“Then this is to take leave of her! Sainte Vierge! what happiness!”
Eugénie started and trembled for joy. Charles stirred in his chair, and Eugénie felt a chill of dread. Luckily, however, he did not wake. She went on reading.
When shall I come back? I cannot tell. Europeans grow old before their time in those tropical countries, especially Europeans who work hard. Let us look forward and try to see ourselves in ten years’ time. In ten years from now your little girl will be eighteen years old; she will be your constant companion; that is, she will be a spy upon you. If the world will judge you very harshly, your daughter will probably judge more harshly still; such ingratitude on a young girl’s part is common enough, and we know how the world regards these things. Let us take warning and be wise. Only keep the memory of those four years of happiness in the depths of your soul, as I shall keep them buried in mine; and be faithful, if you can, to your poor friend. I shall not be too exacting, dear Annette; for, as you can see, I must submit to my altered lot; I am compelled to look at life in a businesslike way, and to base my calculations on dull, prosaic fact. So I ought to think of marriage as a necessary step in my new existence; and I will confess to you that here, in my uncle’s house in Saumur, there is a cousin whose manners, face, character, and heart you would approve; and who, moreover, has, it appears—
“How tired he must have been to break off like this when he was writing to her!” said Eugénie to herself, as the letter ended abruptly in the middle of a sentence. She was ready with excuses for him.
How was it possible that an inexperienced girl should discover the coldness and selfishness of this letter? For young girls, religiously brought up as she had been, are innocent and unsuspecting, and can see nothing but love when they have set foot in love’s enchanted kingdom. It is as if a light from heaven shone in their own souls, shedding its beams upon their path; their lover shines transfigured before them in reflected glory, radiant with fair colors from love’s magic fires, and endowed with noble thoughts which perhaps in truth are none of his.
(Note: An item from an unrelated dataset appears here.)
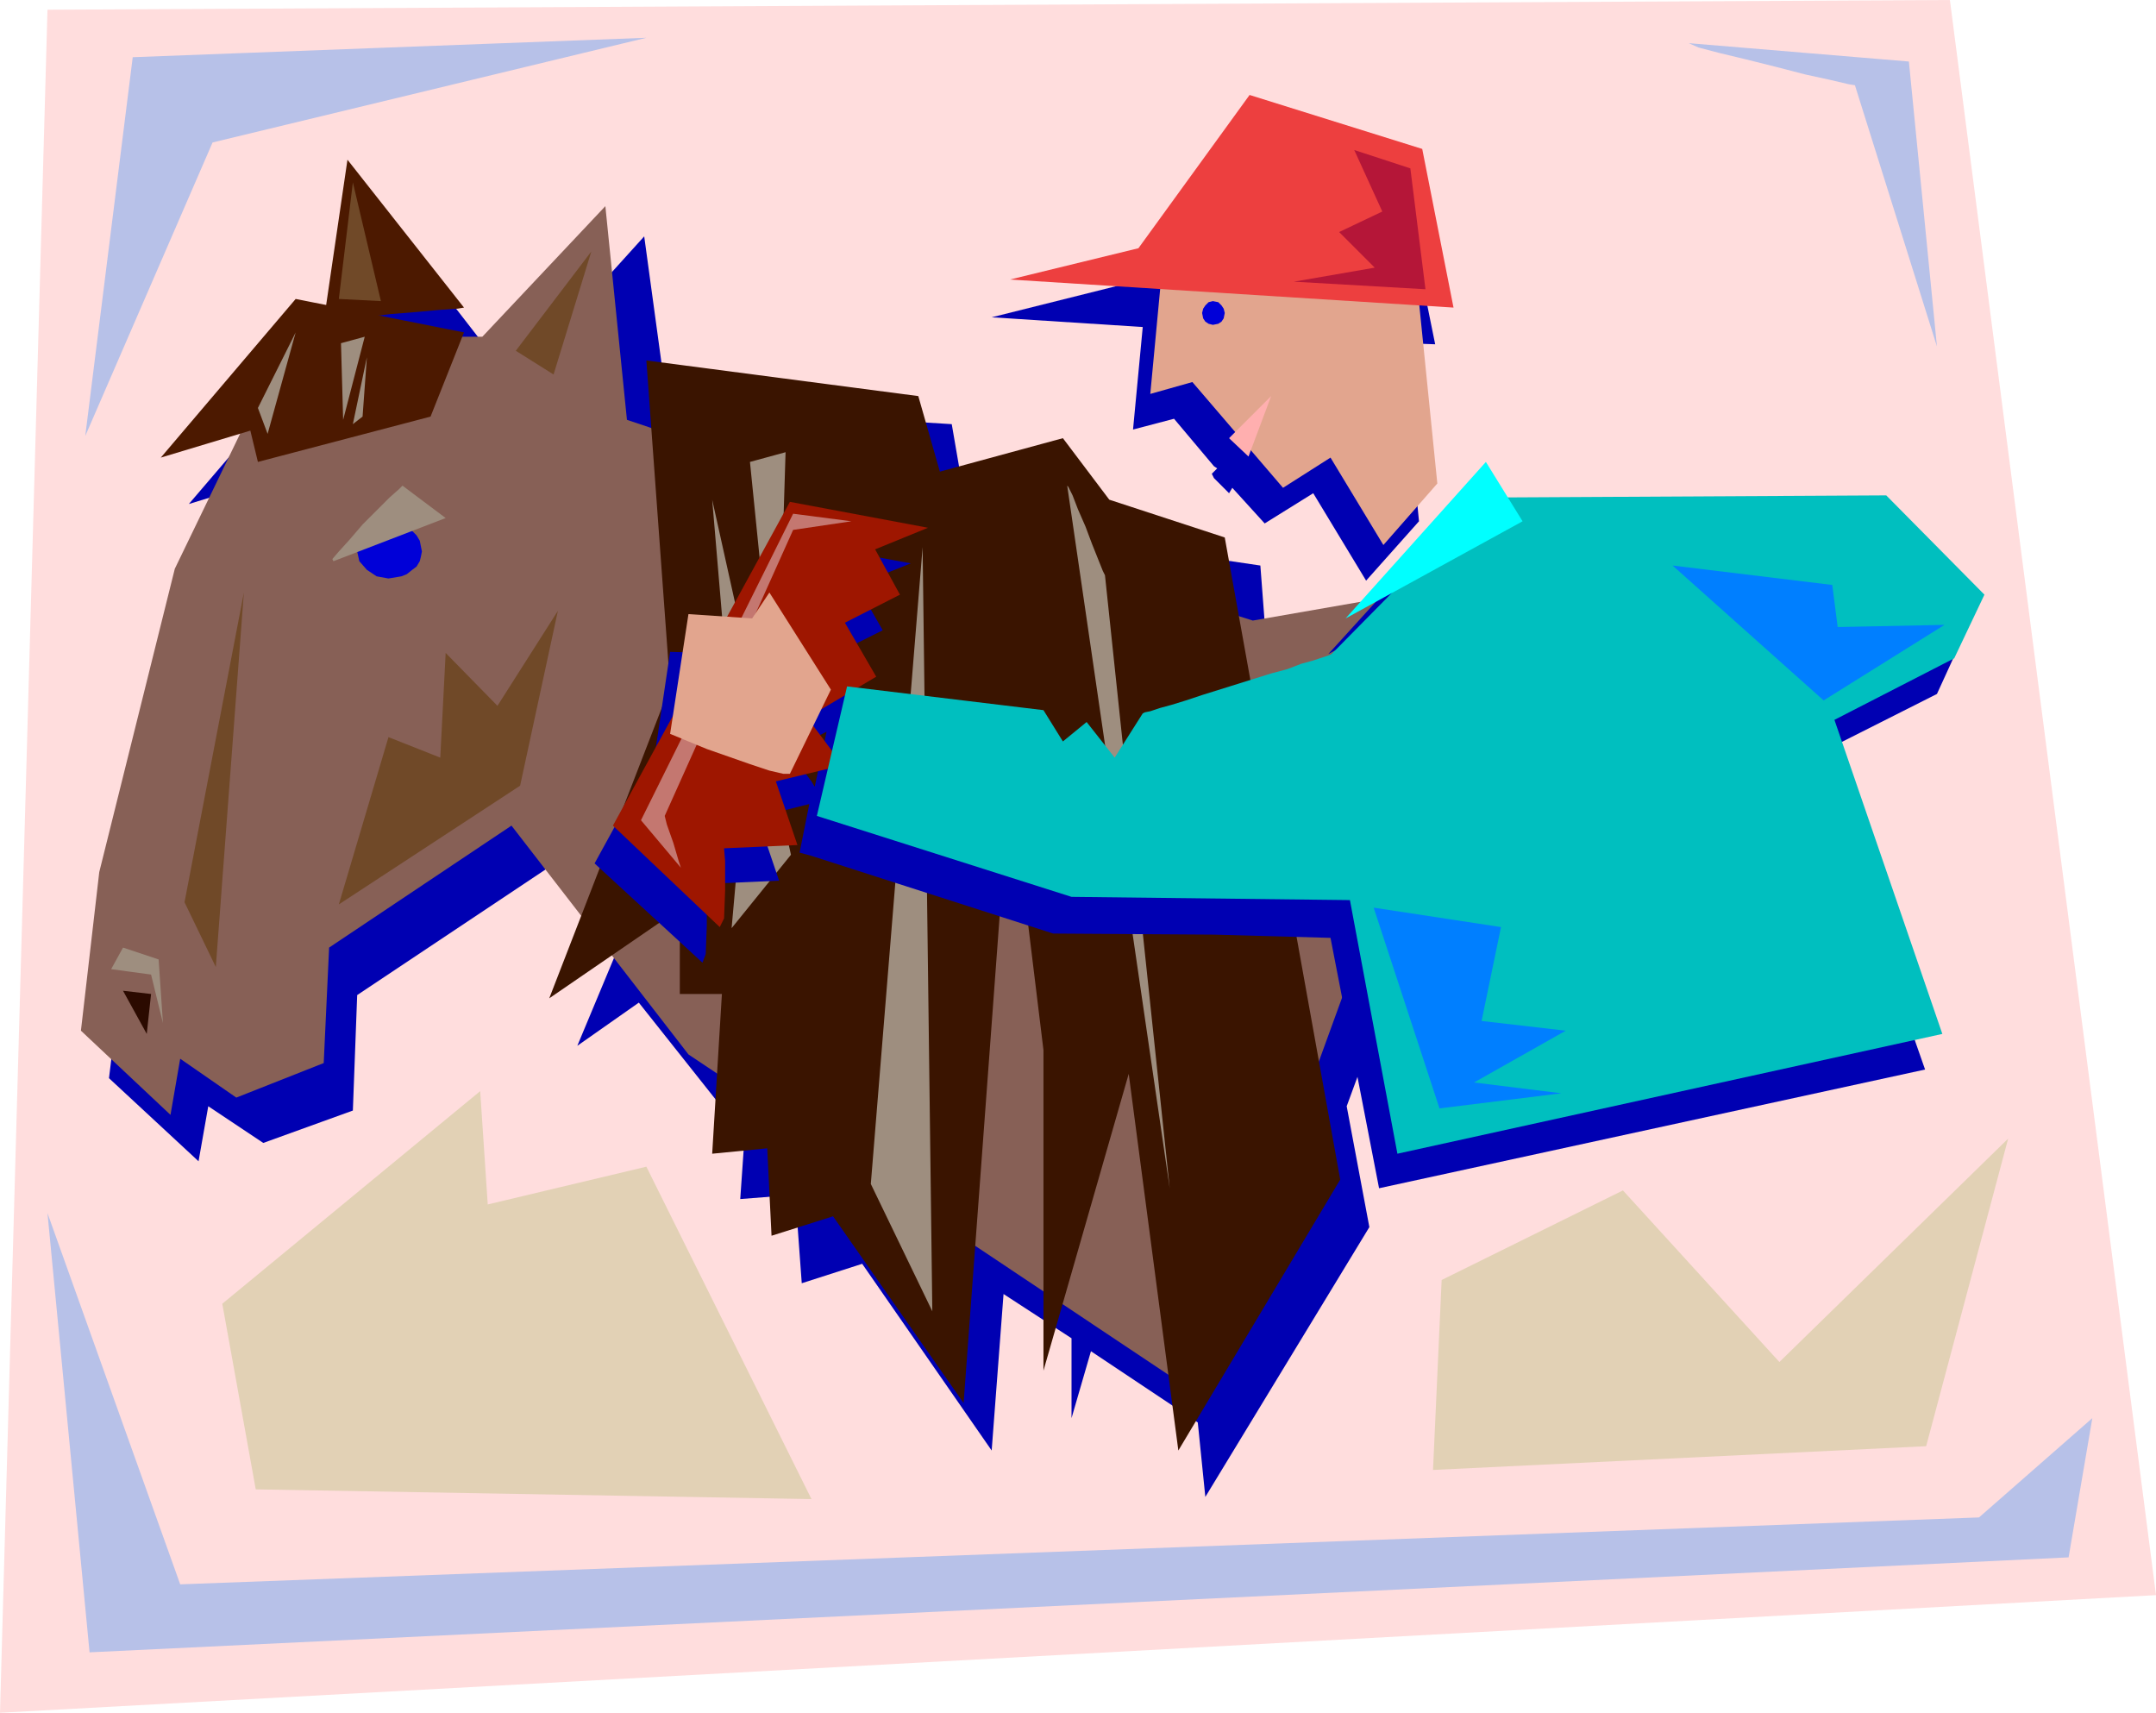 <svg xmlns="http://www.w3.org/2000/svg" fill-rule="evenodd" height="1.587in" preserveAspectRatio="none" stroke-linecap="round" viewBox="0 0 1998 1587" width="1.998in"><style>.pen1{stroke:none}.brush5{fill:#0000b2}.brush7{fill:#4c1900}.brush8{fill:#704928}.brush9{fill:#0000d8}.brush10{fill:#9e8e7f}.brush15{fill:#e2a58e}</style><path class="pen1" style="fill:#fdd" d="M44 9 0 1587l1998-109L1807 0 44 9z"/><path class="pen1" d="m79 404 44-351 476-18-402 97L79 404zm-35 720 39 407 1834-88 22-129-105 92-1667 62-123-344zM1565 40l204 17 26 264-76-242-6-1-17-4-23-5-27-7-28-7-25-6-19-5-9-4z" style="fill:#b7c1e8"/><path class="pen1" d="m206 1208 239-197 7 105 147-35 153 308-515-9-31-172zm1130-22-8 176 457-22 76-285-212 207-145-159-168 83z" style="fill:#e2d1b5"/><path class="pen1 brush5" d="m625 377 5 64-5-17-28-205-123 136h-20l2-4-75-15 14-1 13-2 13-1 11-1 10-1h7l5-1h2L349 191l-20 134-29-4-125 146 75-23-63 127-68 281-18 147 83 77 9-51 51 34 83-30 4-107 189-126 53 82-38 91 57-40 73 92 26 18-5 72 51-4 6 82 56-18 120 173 11-145 63 41v74l18-62 99 66 7 69 152-250-21-112 163-444-224 38-12-3-7-92-115-17-42-57-114 30-15-87-257-16z"/><path class="pen1" style="fill:#876056" d="m92 808 70-281 104-215h181l114-121 20 198 143 48 437 138 224-39-275 756-472-315-164-212-169 113-5 107-81 32-52-36-9 52-83-78 17-147z"/><path class="pen1 brush7" d="m300 298 22-150 108 137-6 1-15 1-22 2-25 2-24 3-21 2-14 1-3 1z"/><path class="pen1 brush8" d="m314 838 168-110 35-162-56 88-48-49-5 97-48-19-46 155z"/><path class="pen1 brush9" d="m360 536 6-1 6-1 5-2 5-4 4-3 3-5 1-4 1-5-1-5-1-5-3-5-4-4-5-3-5-2-6-1-6-1-11 2-9 5-7 9-2 10 2 9 7 8 9 6 11 2z"/><path class="pen1 brush8" d="m478 325 70-92-35 114-35-22z"/><path class="pen1 brush10" d="m309 520 104-40-40-30-3 3-9 8-12 12-13 13-12 14-10 11-6 7 1 2z"/><path class="pen1 brush7" d="M274 277 149 424l83-25 7 29 160-42 31-78-156-31z"/><path class="pen1 brush10" d="m274 308-35 70 9 24 26-94zm42 10 2 71 20-77-22 6zm24 13-13 62 9-7 4-55z"/><path class="pen1 brush8" d="m327 169-13 108 39 2-26-110z"/><path class="pen1" style="fill:#2b0a00" d="m114 918 26 3-4 37-22-40z"/><path class="pen1 brush10" d="m114 878-11 20 37 5 11 45-4-59-33-11z"/><path class="pen1 brush8" d="m171 836 55-287-26 347-29-60z"/><path class="pen1" style="fill:#3a1400" d="m599 334 22 302-112 289 121-83v79h39l-9 148 51-5 4 81 57-18 121 173 43-581 31 254v297l79-275 46 349 150-251-107-595-107-35-43-57-114 31-20-70-252-33z"/><path class="pen1 brush10" d="m660 463 26 307-8 90 55-68-73-329zm35-35 25 248 8-257-33 9zm160 79-48 590 57 118-9-708zm134-57 95 651-60-568-2-4-4-10-6-15-6-16-7-16-5-13-4-8-1-1z"/><path class="pen1 brush5" d="m1125 669 17-5 17-5 15-5 15-5 12-3 9-4 7-2 3-1 53-55-42 22 130-143 19 31 352-3 90 93-27 59-113 57 102 291-506 110-45-232-108-3V669zm0-226 14 14 3-5 30 33 45-28 49 81 49-55-16-165 31 1-30-148-158-48-17 22v287l3 2-3 3v6zm-373 62 92 17-50 20 24 42-52 26 30 50-17 9 170 22 20 29 22-18 26 33 25-41 2-1 5-1 8-2 11-3 13-4 14-4 15-5 15-5v197l-149-1-224-72v-69l3 5 11-51-14 7V505zm373-360v287l-37-44-38 10 9-95-140-9 120-30 86-119zm0 292v6l-2-4 2-2zM651 892l-100-92 56-102 14-94 35 1 59-107 37 7v180l-9 6-6 13 15 20v69l-11-3 9-45-48 12 20 59-68 3 1 12v27l-1 26-3 8z"/><path class="pen1" style="fill:#9e1600" d="m667 859-99-94 164-300 128 24-49 20 23 42-51 26 29 50-64 38 33 44-62 15 20 59-68 3 1 12v27l-1 26-4 8z"/><path class="pen1" style="fill:#c47770" d="m631 804-37-44 141-284 54 7-54 8-119 265 2 8 6 17 5 17 2 6z"/><path class="pen1 brush15" d="m1077 248-11 117 39-11 84 98 44-28 49 81 50-57-18-178-119-88-118 66z"/><path class="pen1" style="fill:#ed3f3f" d="m936 259 411 26-29-147-160-50-103 142-119 29z"/><path class="pen1" style="fill:#00bfbf" d="m1234 606 143-145 371-2 91 92-28 59-111 57 100 291-505 111-44-235-258-3-236-75 28-120 182 22 18 29 22-18 26 33 26-41 2-1 5-1 9-3 11-3 13-4 15-5 16-5 16-5 16-5 16-5 15-4 13-5 11-3 9-3 6-2 2-1z"/><path class="pen1" style="fill:#0ff" d="m1247 573 130-145 34 55-164 90z"/><path class="pen1 brush9" d="m1124 301 5-1 3-2 2-3 1-5-1-4-2-3-3-3-5-1-4 1-3 3-2 3-1 4 1 5 2 3 3 2 4 1z"/><path class="pen1" style="fill:#b51638" d="m1255 139 52 17 14 112-122-7 75-13-33-33 40-19-26-57z"/><path class="pen1" style="fill:#ffafaf" d="m1139 406 39-39-21 56-18-17z"/><path class="pen1" d="m1273 841 61 186 113-14-81-10 85-48-78-9 18-87-118-18zm277-317 140 125 112-70-99 2-5-39-148-18z" style="fill:#007fff"/><path class="pen1 brush15" d="m732 717 38-78-57-90-16 24-59-4-17 111 5 2 12 5 17 7 20 7 20 7 18 6 13 3h6z"/></svg>

Women’s errors spring, for the most part, from a belief in goodness, and a confidence in truth. In Eugénie’s heart the words, “My dear Annette—my beloved,” echoed like the fairest language of love; they stirred her soul like organ music—like the divine notes of the “Venite adoremus” falling upon her ears in childhood.
Surely the tears, not dry even yet upon her cousin’s eyelids, betokened the innate nobility of nature that never fails to attract a young girl. How could she know that Charles’ love and grief for his father, albeit genuine, was due rather to the fact that his father had loved him than to a deeply-rooted affection on his own part for his father? M. and Mme. Guillaume Grandet had indulged their son’s every whim; every pleasure that wealth could bestow had been his; and thus it followed that he had never been tempted to make the hideous calculations that are only too common among the younger members of a family in Paris, when they see around them all the delights of Parisian life, and reflect with disgust that, so long as their parents are alive, all these enjoyments are not for them. The strange result of the father’s lavish kindness had been a strong affection on the part of his son, an affection unalloyed by any after thought. But, for all that, Charles was a thorough child of Paris, with the Parisian’s habit of mind; Annette herself had impressed upon him the importance of thinking out all the consequences of every step; he was not youthful, despite the mask of youth.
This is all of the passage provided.